I'm retired IT, and many times when I was assisting on another site, I saw backup tapes and EHD, some old, laying around in plain site, some in drawers where tools and connectors were stored, so yeah.
It little behooves the best of us to comment on the rest of us.
That guy purposefully destroyed evidence after a 2012 interview with the FBI. I imagine that is what led to the jail sentence.
... not to out-source critical shit to contractors.

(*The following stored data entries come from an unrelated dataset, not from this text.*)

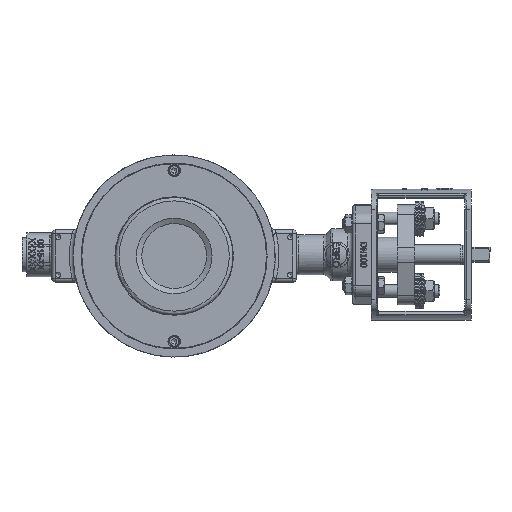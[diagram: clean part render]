
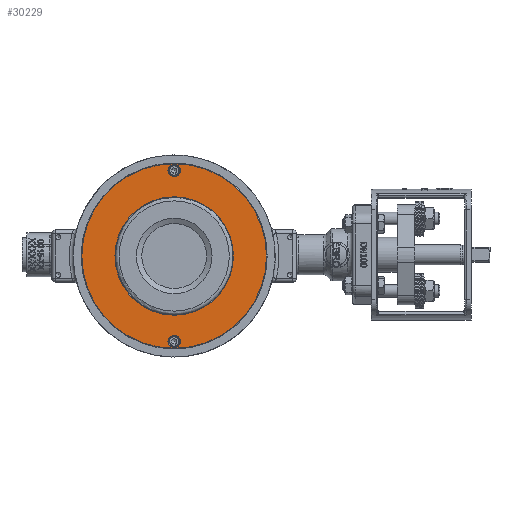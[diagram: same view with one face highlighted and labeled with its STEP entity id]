
A CAD part, front view. The second image highlights one B-rep face of the part: STEP entity #30229.
In plain terms, the highlighted planar face has unit normal (0, -1, 0).
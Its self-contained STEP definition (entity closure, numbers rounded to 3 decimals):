
#5925=FACE_BOUND('',#8755,.T.);
#5926=FACE_BOUND('',#8756,.T.);
#5927=FACE_BOUND('',#8757,.T.);
#6780=FACE_OUTER_BOUND('',#8754,.T.);
#8754=EDGE_LOOP('',(#21108));
#8755=EDGE_LOOP('',(#21109));
#8756=EDGE_LOOP('',(#21110));
#8757=EDGE_LOOP('',(#21111));
#10737=CIRCLE('',#32267,4.75);
#10742=CIRCLE('',#32275,7.4);
#10743=CIRCLE('',#32276,0.5);
#10744=CIRCLE('',#32277,0.5);
#12431=VERTEX_POINT('',#80908);
#12436=VERTEX_POINT('',#80921);
#12437=VERTEX_POINT('',#80923);
#12438=VERTEX_POINT('',#80925);
#15667=EDGE_CURVE('',#12431,#12431,#10737,.T.);
#15672=EDGE_CURVE('',#12436,#12436,#10742,.T.);
#15673=EDGE_CURVE('',#12437,#12437,#10743,.T.);
#15674=EDGE_CURVE('',#12438,#12438,#10744,.T.);
#21108=ORIENTED_EDGE('',*,*,#15672,.F.);
#21109=ORIENTED_EDGE('',*,*,#15673,.T.);
#21110=ORIENTED_EDGE('',*,*,#15674,.T.);
#21111=ORIENTED_EDGE('',*,*,#15667,.T.);
#27403=PLANE('',#32274);
#30229=ADVANCED_FACE('',(#6780,#5925,#5926,#5927),#27403,.T.);
#32267=AXIS2_PLACEMENT_3D('',#80909,#36086,#36087);
#32274=AXIS2_PLACEMENT_3D('',#80920,#36100,#36101);
#32275=AXIS2_PLACEMENT_3D('',#80922,#36102,#36103);
#32276=AXIS2_PLACEMENT_3D('',#80924,#36104,#36105);
#32277=AXIS2_PLACEMENT_3D('',#80926,#36106,#36107);
#36086=DIRECTION('center_axis',(0.,1.,0.));
#36087=DIRECTION('ref_axis',(1.,0.,0.));
#36100=DIRECTION('center_axis',(0.,-1.,0.));
#36101=DIRECTION('ref_axis',(0.,0.,
1.));
#36102=DIRECTION('center_axis',(0.,1.,0.));
#36103=DIRECTION('ref_axis',(-1.,0.,0.));
#36104=DIRECTION('center_axis',(0.,1.,0.));
#36105=DIRECTION('ref_axis',(-1.,0.,0.));
#36106=DIRECTION('center_axis',(0.,1.,0.));
#36107=DIRECTION('ref_axis',(-1.,0.,0.));
#80908=CARTESIAN_POINT('',(4.75,-3.16,0.));
#80909=CARTESIAN_POINT('Origin',(0.,-3.16,0.));
#80920=CARTESIAN_POINT('Origin',(6.15,-3.16,0.));
#80921=CARTESIAN_POINT('',(7.4,-3.16,0.));
#80922=CARTESIAN_POINT('Origin',(0.,-3.16,0.));
#80923=CARTESIAN_POINT('',(-0.5,-3.16,-6.85));
#80924=CARTESIAN_POINT('Origin',(0.,-3.16,-6.85));
#80925=CARTESIAN_POINT('',(-0.5,-3.16,6.85));
#80926=CARTESIAN_POINT('Origin',(0.,-3.16,
6.85));

But you want to be able to hire and fire them easily, on the whims of the budget, right? And to show efficiency with as tiny a staff as possible, right? And to obfuscate responsibility if something goes wrong, right? If your assistant commits treason on your watch, you're to blame because you should have picked up on it, at least. But a contractor? Who takes the fall for contracting the contractor? Fingers point everywhere but nobody's directly responsible for what a contractor does (except when he does something good, you can take credit).
Out-sourcing. Your stepping-stone to success in management.
Take it easy, Charlie, I've got an Angle...
"They said he stole 50+ TB of data from the NSA.
I'm not sure how this is possible?"
Read again, he also stole a mammoth to transport the stuff.
And using bleach bit to permanently delete emails wasn't destroying evidence? Even though it was a fools errand because it existed on recipient computers is beside the point. There was a clear intent there to conceal. So yes there is a very big double standard. A Navy guy in Portsmouth VA was convicted and all he did was connect his tablet to receive emails in the field. No intent, no destroying evidence, just mishandling. I can recount an airman getting an article 15 for leaving a safe unlocked. The safe was in a secure facility designed to allow and store classified information. Basically a safe inside a vault. Career ruined over a simple lapse.